The move, a reversal of the town board's earlier decision to eliminate the marina guard program and lay off several harbor patrol guards, came as several residents griped at Tuesday's town board meeting about vandalism and other crime at the marinas.

Mel Faust said several vessels docked near his power boat at the Bay Shore Marina had been burglarized in recent weeks, and youths were seen throwing bottles and skating on the boat ramps. He attributed the problems to a lack of guards. "We have to do something now," said the 50-year-old Central Islip man. "It's out of hand."

Islip Town park rangers and Suffolk police on April 27 caught three people at the West Islip Marina who allegedly stole gas cans and a bag from two boats there, said town officials. They stressed that despite the cuts, rangers and the county police force patrol the areas.

Councilwoman Trish Bergin Weichbrodt said she's received several complaints about little security at the marinas. Weichbrodt said she's requested Public Safety Commissioner John J. Carney compile a report on criminal activity at the town's marinas so the board can implement an action plan.

"It's very much a financial thing," Bergin Weichbrodt said.

Last year, the board eliminated its marina guard program and laid off harbor patrol guards to save about $1.2 million.

Councilman Anthony S. Senft Jr. said the town plans to hire the seasonal employees as early as next week, but the details and the cost had not yet been determined.

"Do I regret [the cuts]? No, I still believe that was the right decision in a hard economic time," Senft said.

Councilman John C. Cochrane Jr. said it's important for the town to have a "presence" at the marinas.

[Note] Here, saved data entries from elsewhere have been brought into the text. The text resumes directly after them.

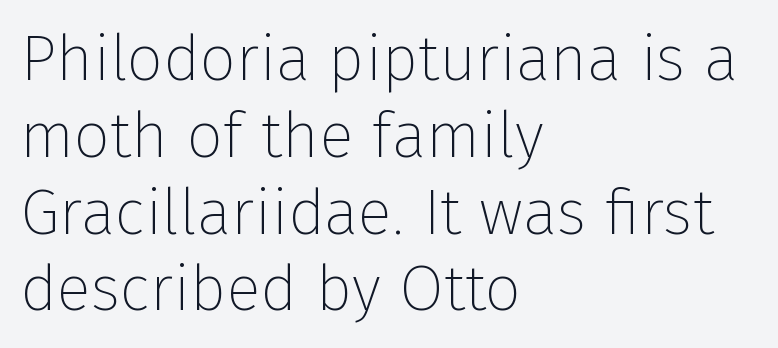
The image shows 64 px thin sans-serif type, upright; set left-aligned, line spacing 1.2x, normal letter spacing, not underlined; low stroke contrast and a medium x-height.
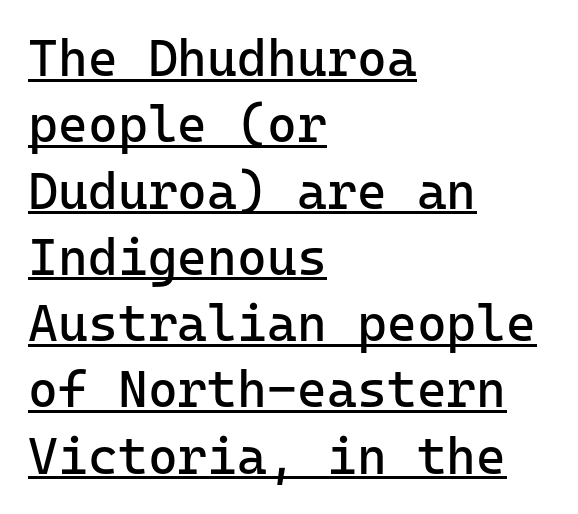
The image shows 51 px regular-weight sans-serif type, upright, monospaced; set left-aligned, normal line spacing (1.3x), normal letter spacing, underlined; low stroke contrast and a medium x-height.
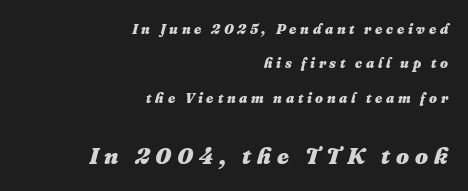
{"italic": "yes", "lean": "right", "slant_degrees": 16, "bold": "yes", "underline": "no", "align": "right", "line_spacing": "loose", "line_spacing_ratio": 2.45, "letter_spacing": "wide", "letter_spacing_em": 0.26, "larger_block": "second", "size_ratio": 1.64, "glyph_px": 23}
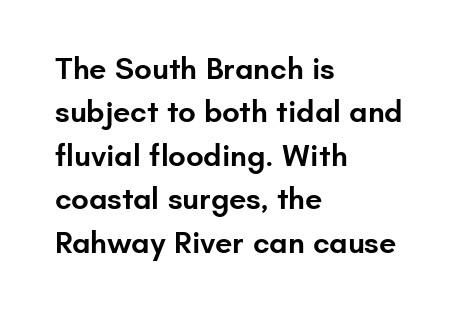
{"serif": "no", "italic": "no", "bold": "semi", "weight": "semibold", "width": "normal", "stroke_contrast": "low", "x_height": "small", "monospaced": "no", "underline": "no", "align": "left", "line_spacing": "normal", "line_spacing_ratio": 1.4, "letter_spacing": "normal", "letter_spacing_em": 0.0, "glyph_px": 31}
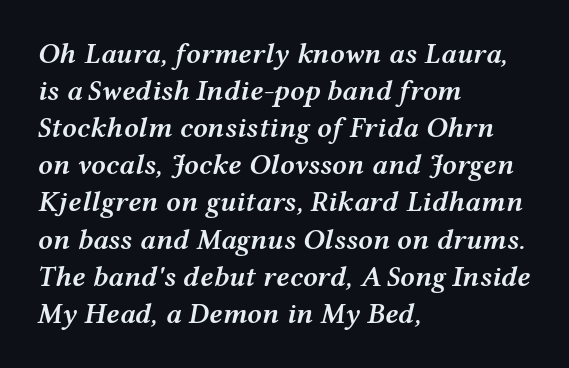
Q: Is the text bold? A: Semi-bold.
Q: Is the text italic (slanted)? A: Yes, it leans right by about 12 degrees.
Q: Is the text underlined? A: No.
Q: How is the paragraph aligned? A: Left-aligned.
Q: Is the spacing between letters normal or unusually wide? A: Normal.
Q: Is the spacing between lines tight, normal or loose? A: Normal.
Q: Width (condensed, normal, or wide)? A: Wide.
Q: Stroke contrast? A: Medium.
Q: x-height? A: Medium.
Q: Monospaced? A: No.
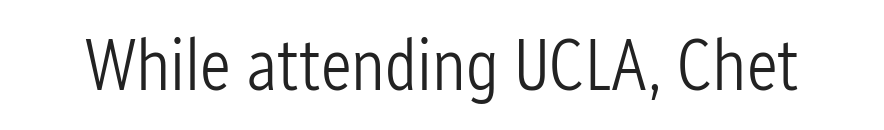
{"serif": "no", "italic": "no", "bold": "no", "weight": "light", "width": "condensed", "stroke_contrast": "low", "x_height": "medium", "monospaced": "no", "underline": "no", "letter_spacing": "normal", "letter_spacing_em": 0.0, "glyph_px": 73}
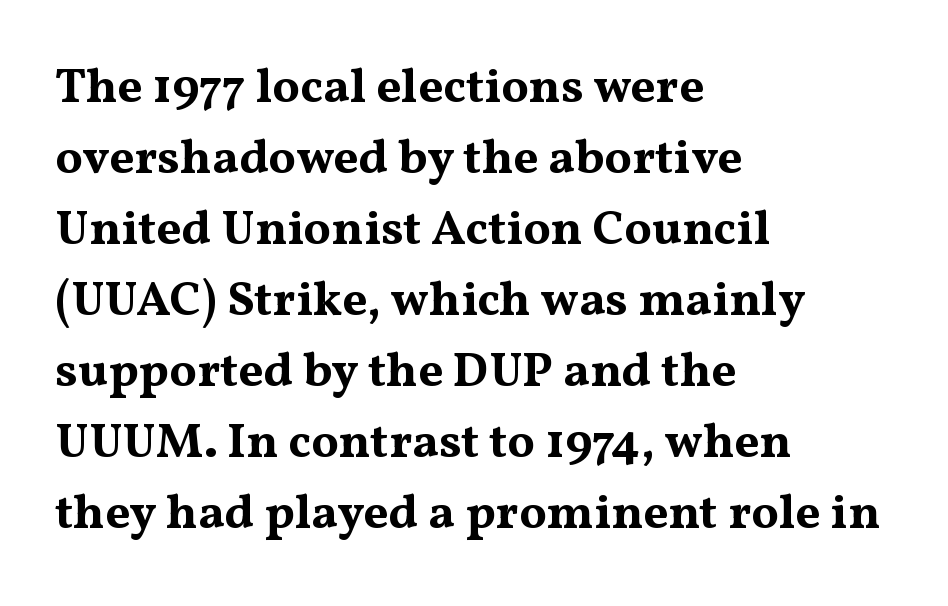
{"serif": "yes", "italic": "no", "bold": "yes", "weight": "bold", "width": "wide", "stroke_contrast": "medium", "x_height": "medium", "monospaced": "no", "underline": "no", "align": "left", "line_spacing": "normal", "line_spacing_ratio": 1.45, "letter_spacing": "normal", "letter_spacing_em": 0.0, "glyph_px": 49}
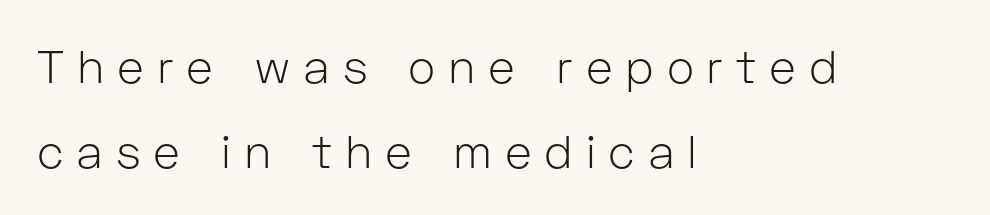
The image shows 46 px light sans-serif type, upright; set left-aligned, line spacing 1.84x, unusually wide letter spacing (+0.28 em), not underlined; low stroke contrast and a medium x-height.
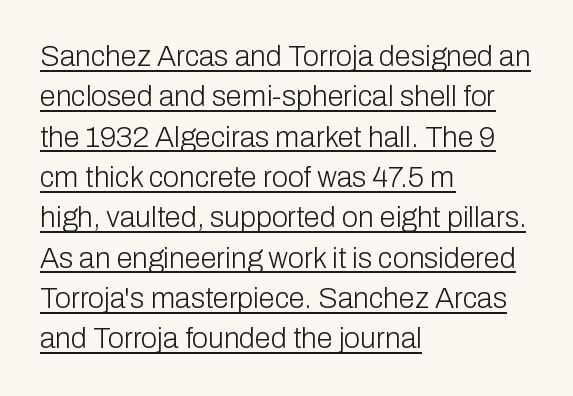
Q: Is the text bold? A: No.
Q: Is the text italic (slanted)? A: No, it is upright.
Q: Is the typeface a serif or a sans-serif typeface? A: Sans-serif.
Q: Is the text underlined? A: Yes.
Q: How is the paragraph aligned? A: Left-aligned.
Q: Is the spacing between letters normal or unusually wide? A: Normal.
Q: Is the spacing between lines tight, normal or loose? A: Normal.
Q: Width (condensed, normal, or wide)? A: Normal.
Q: Stroke contrast? A: Low.
Q: x-height? A: Medium.
Q: Monospaced? A: No.

James Papa, 54, of Bay Shore, said the situation is dangerous to public safety.

"Someone's boat gets damaged, it's a boat. But we're talking about a people problem," Papa said. "One of the primary responsibilities of government is to ensure the safety of its citizenry."Charlie Ferraro of Brentwood, who docks his sail boat in Bay Shore, said marina guards are needed to check permits and residents from other towns because those without permits are essentially stealing town services. "Right now, it's a gang-style operation over there," said Ferraro, 67.